• _DIRECTIONS_:
Each entry should be copied as it stands, leaving the pictures behind.

• _DATASET CONTENT_:
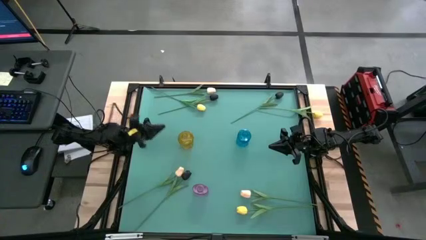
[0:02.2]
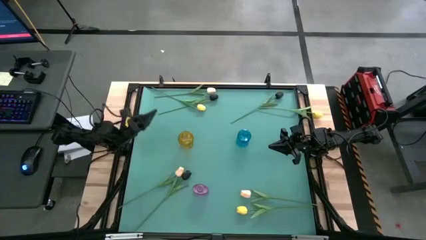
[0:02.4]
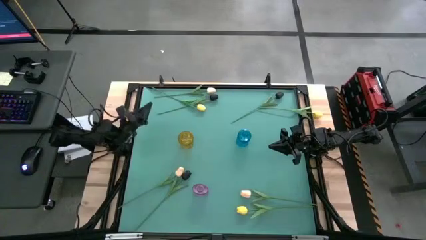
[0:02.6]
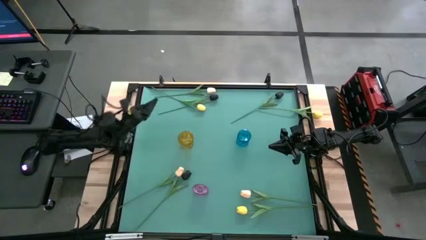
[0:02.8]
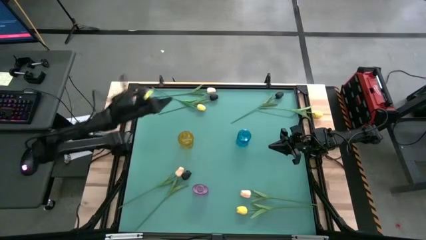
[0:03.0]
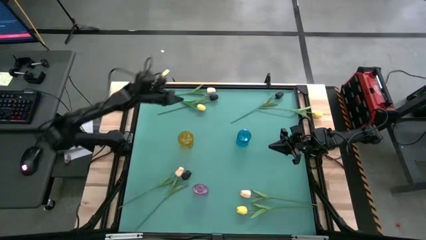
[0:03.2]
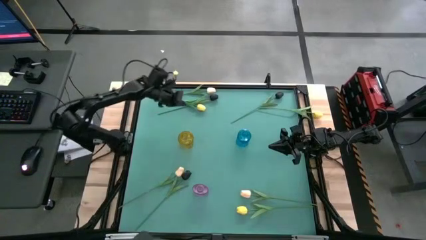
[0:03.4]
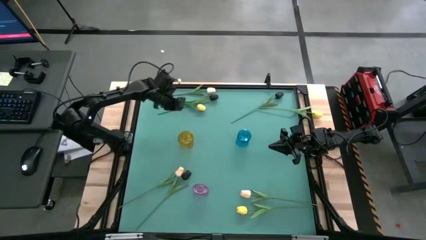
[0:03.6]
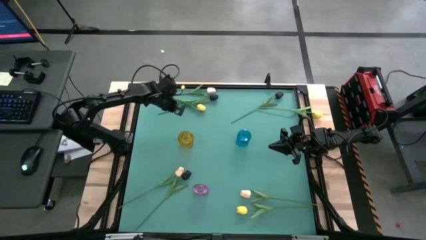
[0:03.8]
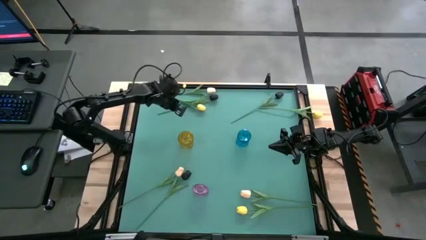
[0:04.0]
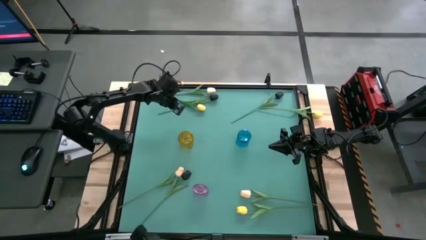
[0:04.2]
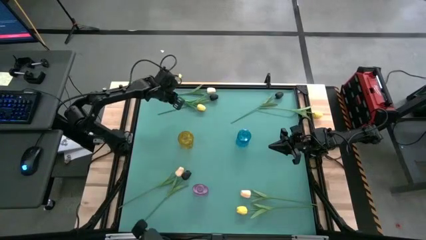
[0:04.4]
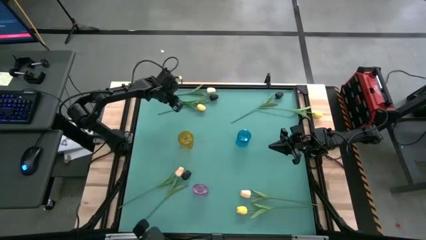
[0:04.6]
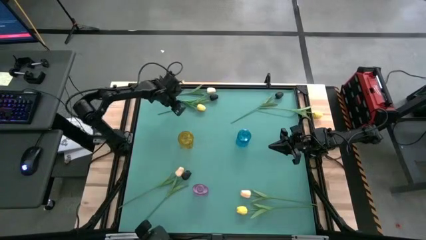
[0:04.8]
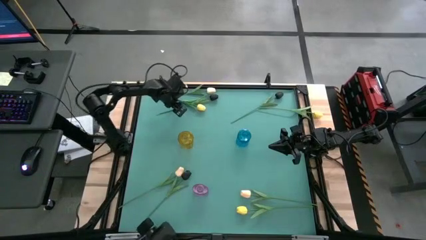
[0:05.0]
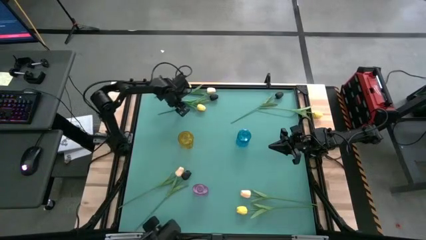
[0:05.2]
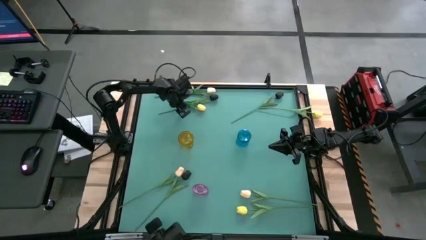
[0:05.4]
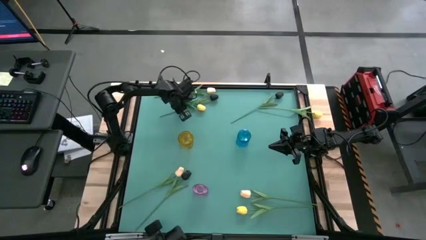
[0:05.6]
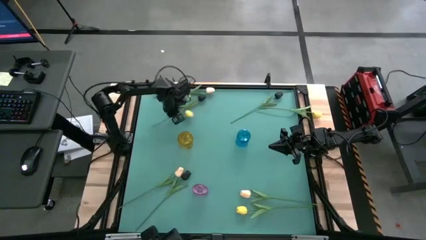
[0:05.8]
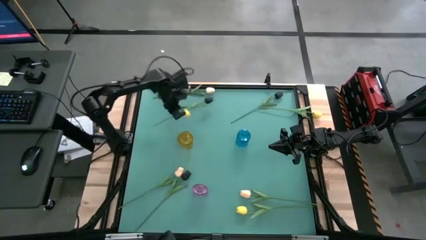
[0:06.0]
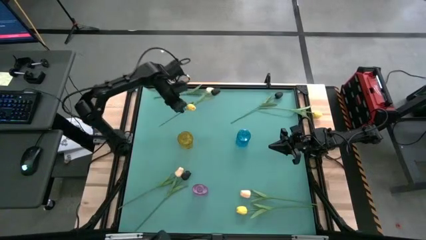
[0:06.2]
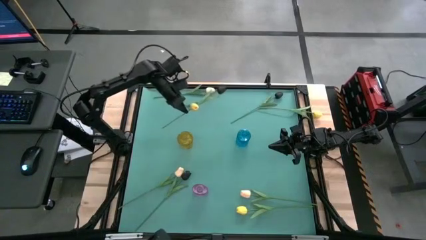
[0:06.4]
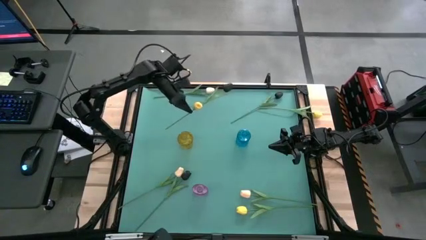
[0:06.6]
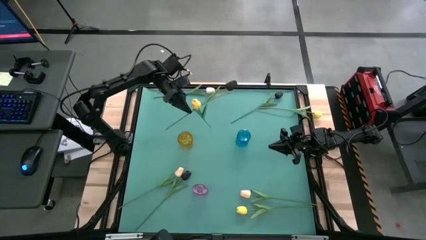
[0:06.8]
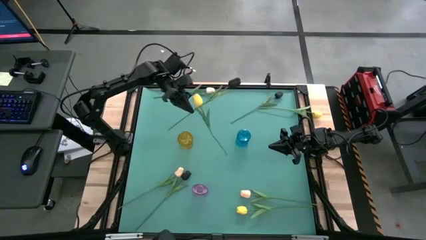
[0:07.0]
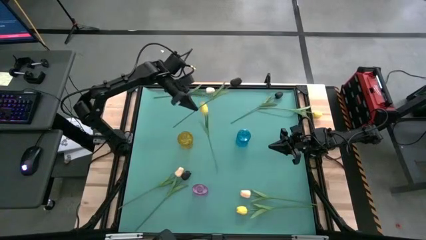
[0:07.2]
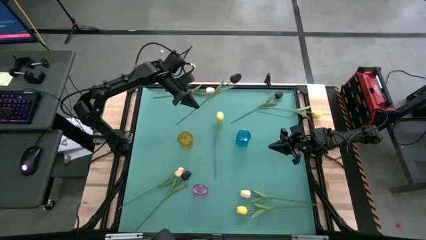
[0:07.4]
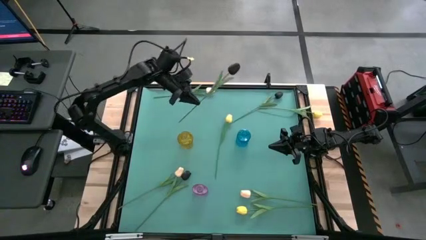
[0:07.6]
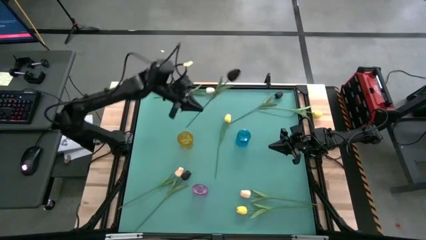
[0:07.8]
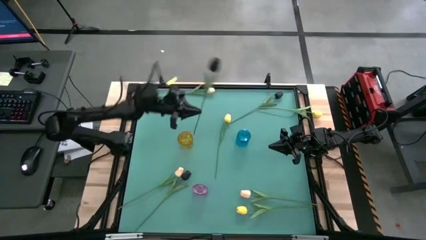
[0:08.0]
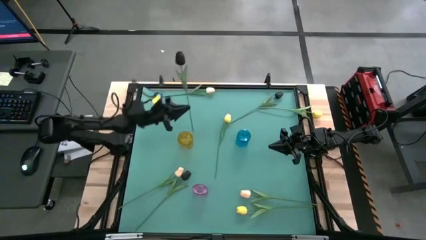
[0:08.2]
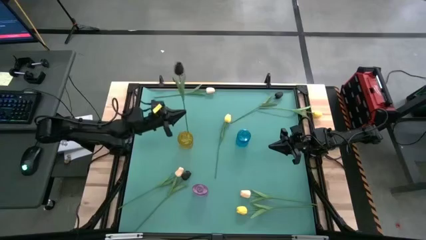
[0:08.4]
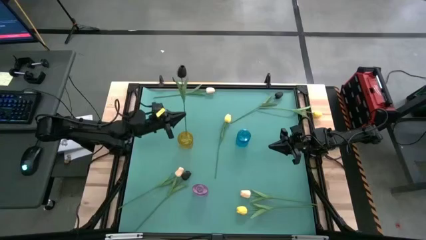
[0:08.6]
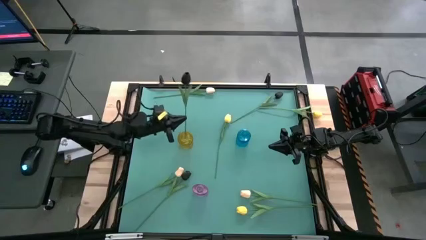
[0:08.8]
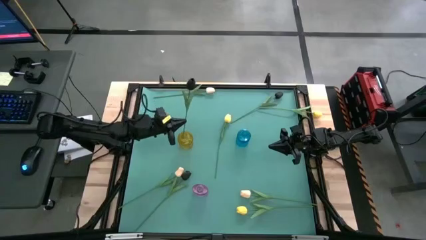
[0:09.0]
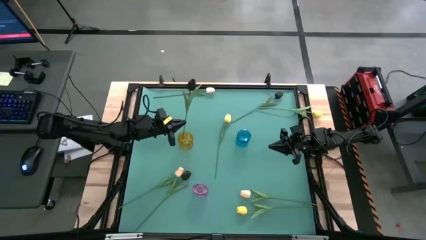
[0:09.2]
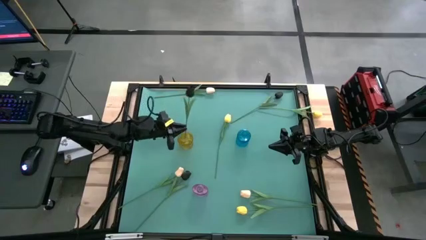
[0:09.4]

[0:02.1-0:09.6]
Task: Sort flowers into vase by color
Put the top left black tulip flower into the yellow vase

• _ANSWER BOX_:
[0:02.2]
[0:02.4]
[0:02.6]
[0:02.8]
[0:03.0]
[0:03.2]
[0:03.4]
[0:03.6]
[0:03.8]
[0:04.0]
[0:04.2]
[0:04.4]
[0:04.6]
[0:04.8]
[0:05.0]
[0:05.2]
[0:05.4]
[0:05.6]
[0:05.8]
[0:06.0]
[0:06.2]
[0:06.4]
[0:06.6]
[0:06.8]
[0:07.0]
[0:07.2]
[0:07.4]
[0:07.6]
[0:07.8]
[0:08.0]
[0:08.2]
[0:08.4]
[0:08.6]
[0:08.8]
[0:09.0]
[0:09.2]
[0:09.4]

[0:02.1-0:09.6]
Task: Sort flowers into vase by color
Put the top left black tulip flower into the yellow vase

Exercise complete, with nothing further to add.